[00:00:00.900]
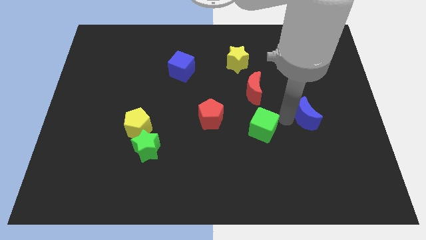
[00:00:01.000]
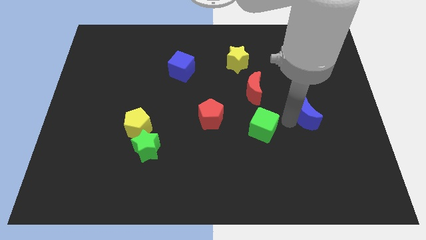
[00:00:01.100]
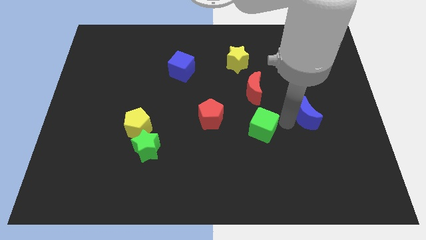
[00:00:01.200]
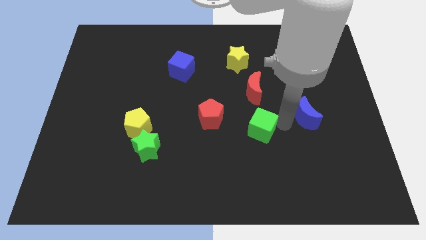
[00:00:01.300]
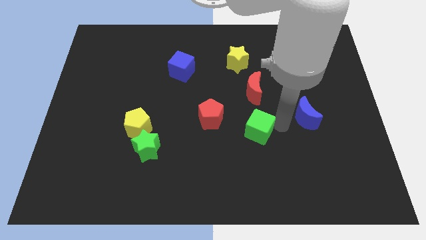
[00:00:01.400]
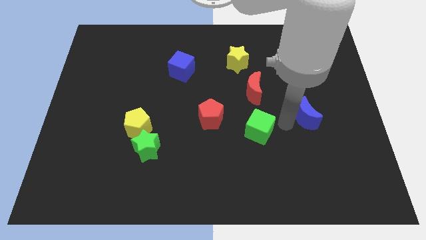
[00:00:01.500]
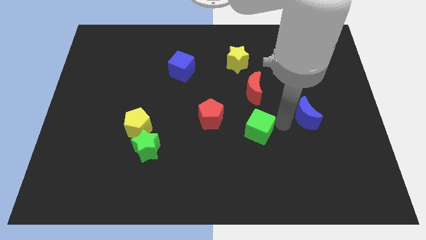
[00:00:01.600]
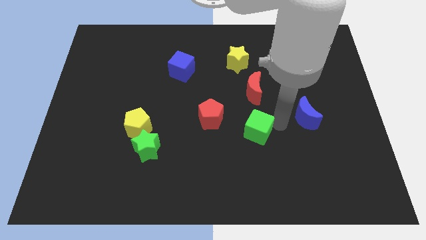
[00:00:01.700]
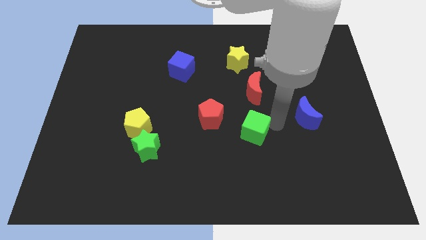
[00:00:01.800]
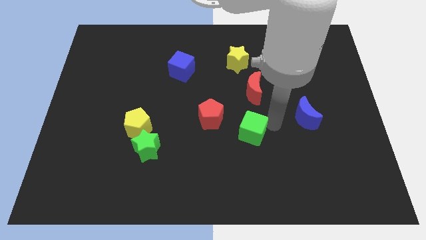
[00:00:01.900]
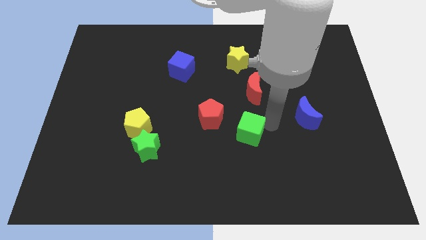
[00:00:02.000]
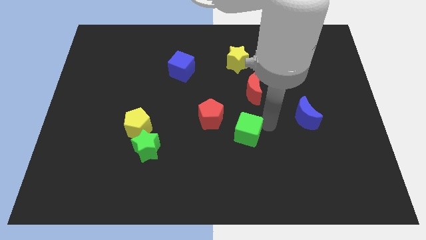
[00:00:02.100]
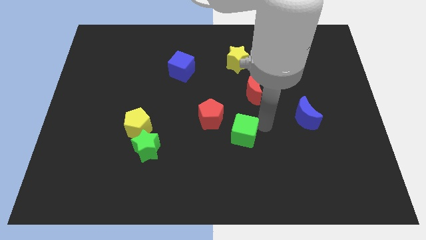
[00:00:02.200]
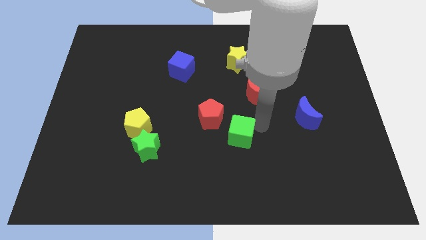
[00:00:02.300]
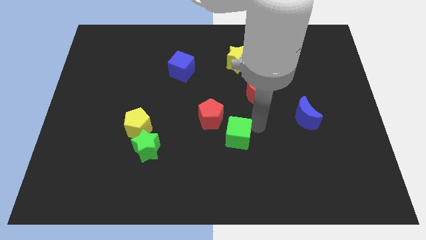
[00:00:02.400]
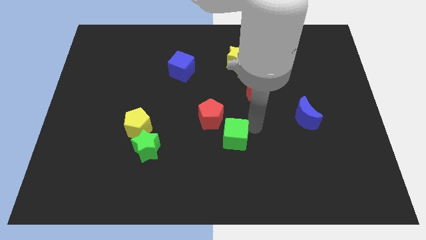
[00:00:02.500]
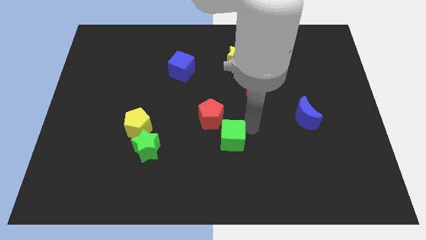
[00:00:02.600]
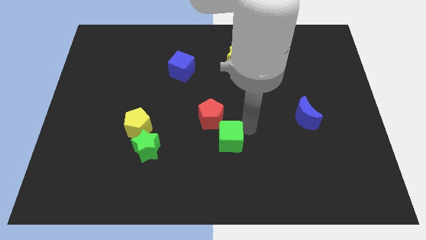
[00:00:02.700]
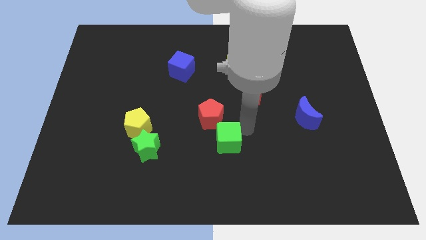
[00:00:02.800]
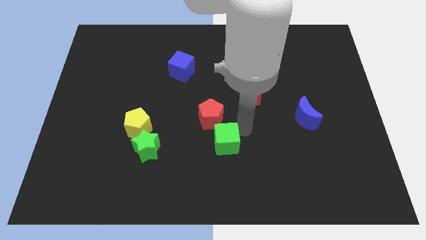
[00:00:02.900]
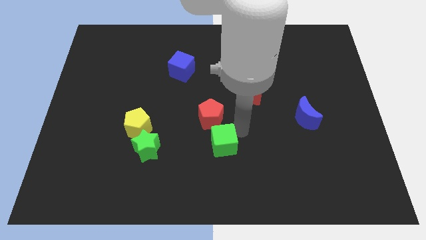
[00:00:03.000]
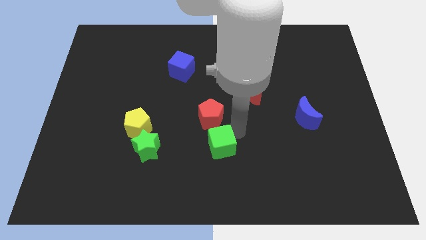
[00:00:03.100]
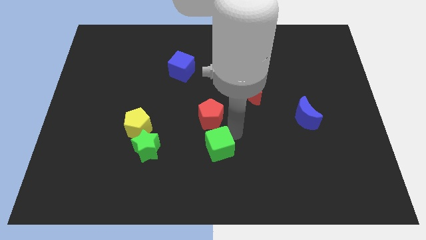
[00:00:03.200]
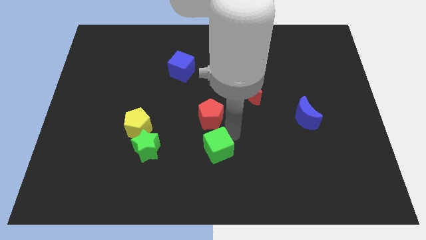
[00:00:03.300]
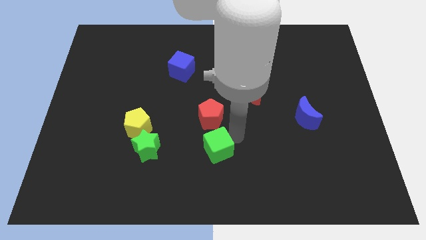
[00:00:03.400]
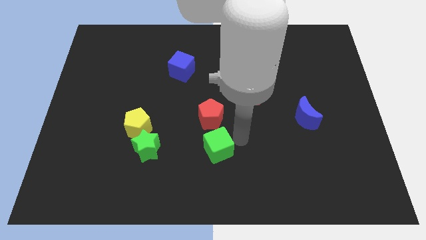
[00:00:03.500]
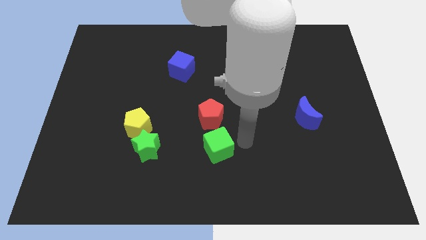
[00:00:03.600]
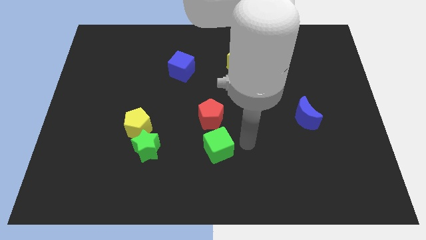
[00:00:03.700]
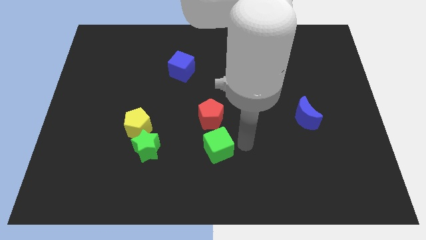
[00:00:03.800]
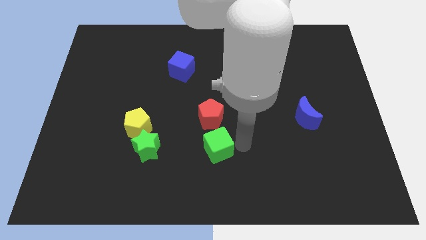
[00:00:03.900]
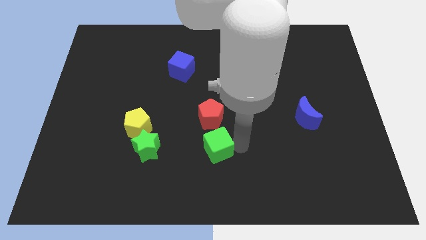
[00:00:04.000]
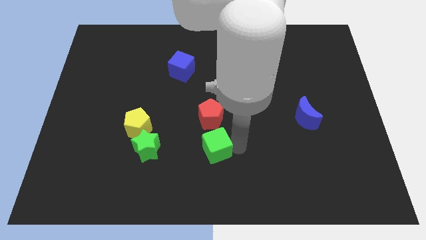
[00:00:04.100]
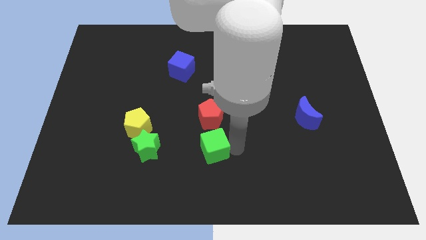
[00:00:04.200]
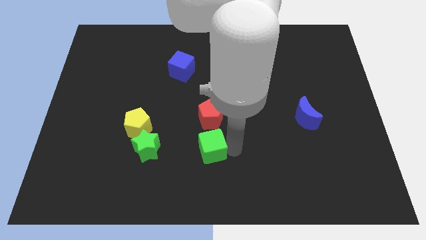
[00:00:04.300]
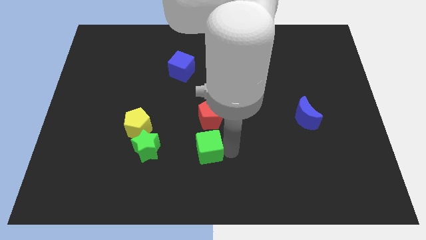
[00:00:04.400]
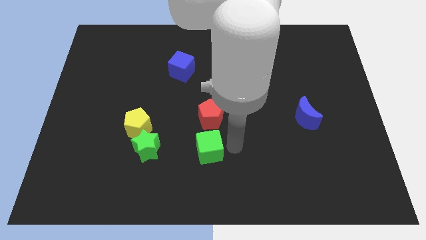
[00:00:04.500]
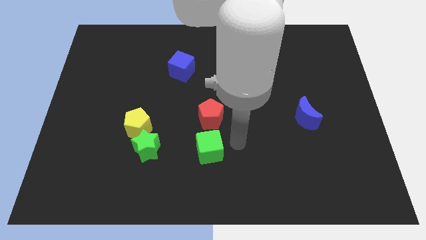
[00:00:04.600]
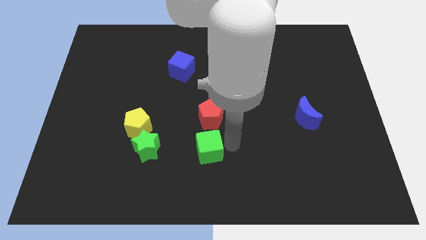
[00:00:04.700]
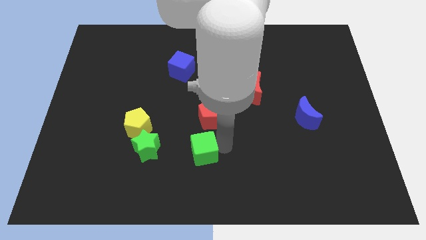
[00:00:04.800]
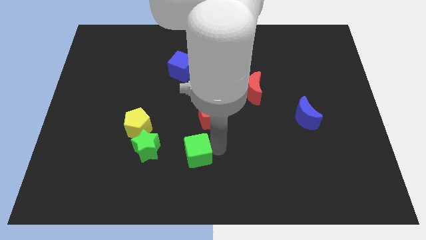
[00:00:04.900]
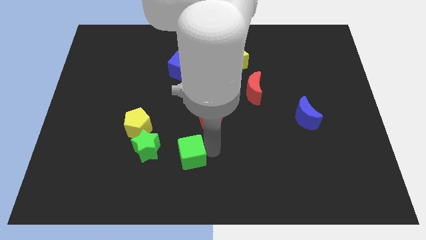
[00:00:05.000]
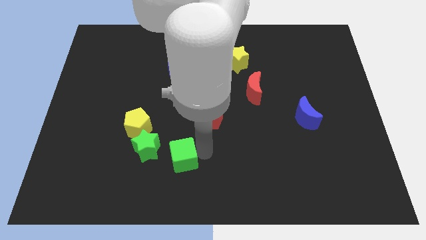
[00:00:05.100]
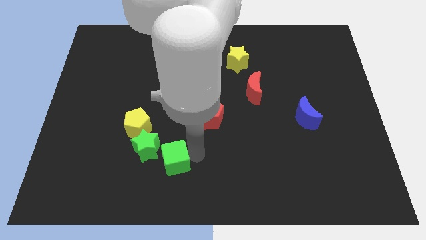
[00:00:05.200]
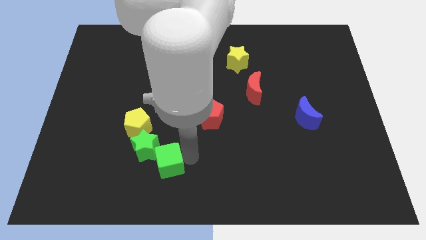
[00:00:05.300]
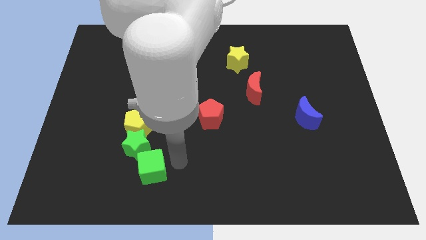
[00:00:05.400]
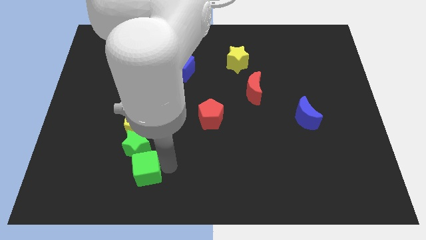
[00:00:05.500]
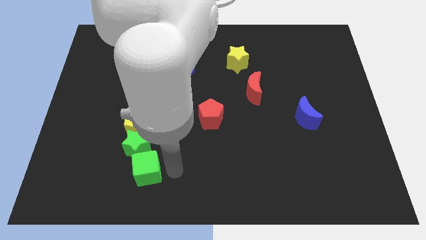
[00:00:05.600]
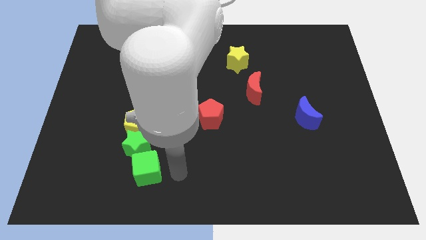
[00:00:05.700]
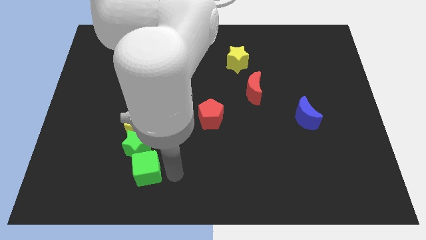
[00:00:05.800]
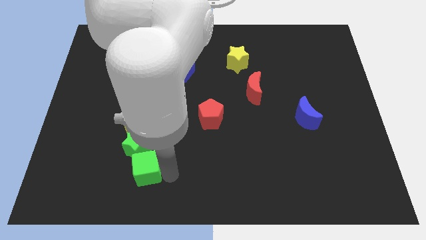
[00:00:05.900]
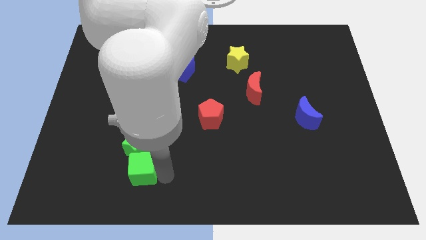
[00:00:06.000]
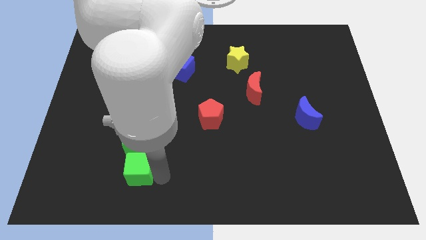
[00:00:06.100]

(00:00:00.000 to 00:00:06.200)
----
Instructions to follow: Pictures stay out. Transcribe the lines from the start of the entries above through the line with "[00:00:03.600]", exactly.

Response:
[00:00:00.900]
[00:00:01.000]
[00:00:01.100]
[00:00:01.200]
[00:00:01.300]
[00:00:01.400]
[00:00:01.500]
[00:00:01.600]
[00:00:01.700]
[00:00:01.800]
[00:00:01.900]
[00:00:02.000]
[00:00:02.100]
[00:00:02.200]
[00:00:02.300]
[00:00:02.400]
[00:00:02.500]
[00:00:02.600]
[00:00:02.700]
[00:00:02.800]
[00:00:02.900]
[00:00:03.000]
[00:00:03.100]
[00:00:03.200]
[00:00:03.300]
[00:00:03.400]
[00:00:03.500]
[00:00:03.600]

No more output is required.